Pull the Goalies

I have been thinking about this particular problem for years. Why is it a good strategy for a hockey team to pull their goalie in the last minute of a hockey game when they are trailing by one goal, but not a good strategy at any other time?

I’ll tell you right off the bat that I have a strong suspicion that almost every one uses this strategy because it’s always been used, and everyone else does. There is not a single coach, manager, or player who has any credible proof that it’s a good strategy. All of the evidence is anecdotal and religious in nature.

I believe that it is actually a bad strategy and that a team has a better chance of tying the game by keeping their goalie in the net. Sound strange?

The assumption at work is that by removing the goal-tender and adding a skater, you thereby increase your chances of scoring to an extent that more than offsets the rather obvious disadvantage of not having a goalie and thereby increasing the other team’s chances of scoring on you.

It is immediately obvious that this strategy is flawed in terms of logic. If removing your goalie and adding a skater gave you a real advantage, teams would do it all the time. Obviously nobody does. So why do teams think that doing it in the last minute of a game is different?

In defense of the strategy, people will argue that you only pull your goalie when you have possession of the puck and you are headed for the other team’s end. They argue that the attacking team will summon remarkable strength and courage in the face of adversity that will somehow bend the rules of logic and result in an advantage that no coach, in the history of the NHL, has been able to demonstrate under any other circumstance.

Having possession of the puck improves your chances for a few seconds, but it doesn’t really address the issue. Teams obtain possession of the puck in their own end dozens of times during a game. If that strategy works in the last minute, there’s no reason why it wouldn’t work in the first minute. Why not pull your goalie every time you have possession of the puck and start a rush out of your own end? Because the other team might get the puck back and score on you? How is this different in the last minute of a hockey game?

I suppose you could argue that 60 seconds is not long enough for the other team to get a good shot at your net. If that was true, we would rarely see an empty net goal. But we see them all the time.

There is another weird consideration. The defending team will quite often change it’s style of play as well– though not as much as they used to. The defending team will suddenly retreat behind their own blue line and form a box. When they get possession, instead of rushing down the ice and trying to score– precisely what the attacking team does not want them to do– they skate up to centre and then take a pot shot at the net. Often, they take the opportunity to change lines, on the weird assumption that the other team is going to get the puck back almost immediately and renew the attack.

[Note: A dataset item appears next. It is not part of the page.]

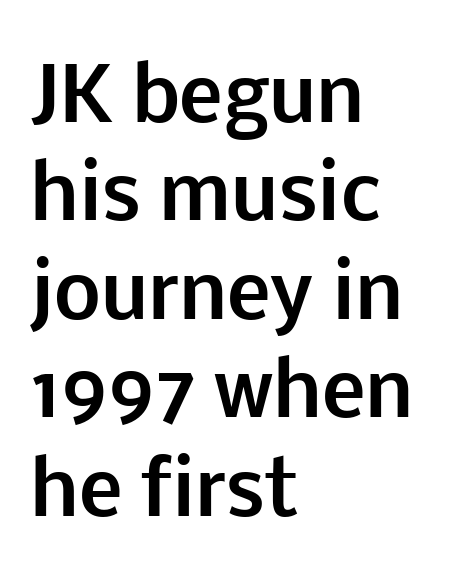
Typographically, this falls in the sans-serif category. You could not count columns in this text — the font is proportionally spaced. Teacher's note: observe the even left margin — that is flush-left alignment. Nobody touched the tracking dial on this one.
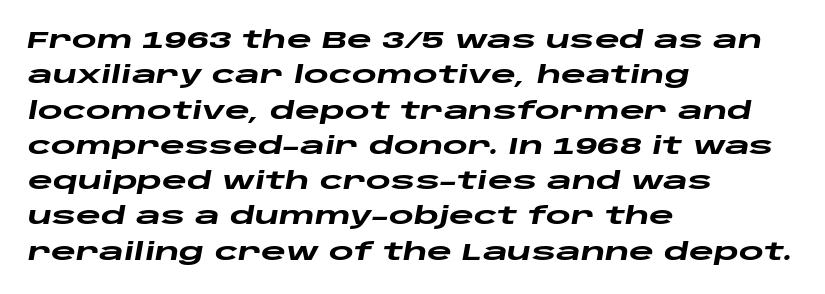
The image shows 24 px bold type, italic (leaning right); set left-aligned, normal line spacing (1.47x), normal letter spacing, not underlined.

The shot from centre doesn’t go in very often because usually one or more members of the attacking team are able to get back on time to block it, and the defending team doesn’t try to create a sustained counter-attack. But it does go in often enough to really finish off the team that is trailing.

We will never know the truth until some coach somewhere decides to go a season or two without ever pulling the goalie. But that would require genuine leadership. It would require genuinely independent thought. It would require someone unafraid of heresy.


The NHL does not even know when the first goalie was pulled. The New York Rangers, coached by Frank Boucher, are credited with inventing the move, in 1939 or 1940 or 1941 (like I said, the NHL doesn’t know).

I wrote here that nobody tries this strategy at any time other than the end of the game, but there was a game, years ago, in which the strategy was employed throughout. The circumstances were thus: two teams were going to be tied in points on the last day of the regular season. The team with the most goals (not the best differential, I note) would be the one to advance to playoffs. So when one team realized it was going to lose this critical game, they began to pull their goalie at every opportunity, in order to try to score as many goals as possible. Think about that. In other words, they acted as if pulling the goalie really was a good strategy. But if I remember correctly, they gave up as many or more goals than they scored.

The result, of course, was a chaotic, bizarre game that called the very integrity of the sport into question. The NHL changed the rules next year to ensure that this circus would not happen again.

[Added 2008-11]

It took me a while, but I finally found an online reference to that game referred to above. It was New York in 1970, in the 1969-70 season. Eddie Giacomin was in — or out of goal. The reference I found didn’t mention the other team involved or the final score.

I came across a report about a study last year that claimed to objectively prove that the strategy of pulling your goalie was, in fact, demonstrably effective. I won’t be convinced until I have a look at the study.

[Added 2022-05]

I did find that study and analyzed it.  The study shows only a tiny, marginal benefit to pulling the goalie.  But the study has one very significant flaw:  not one single NHL team will not pull their goalie in the final minute of a close game so it cannot compare the results with teams that do.  However, the in KHL (Russian NHL) pulling the goalie is quite rare: the prevailing belief there is that it is not a net benefit.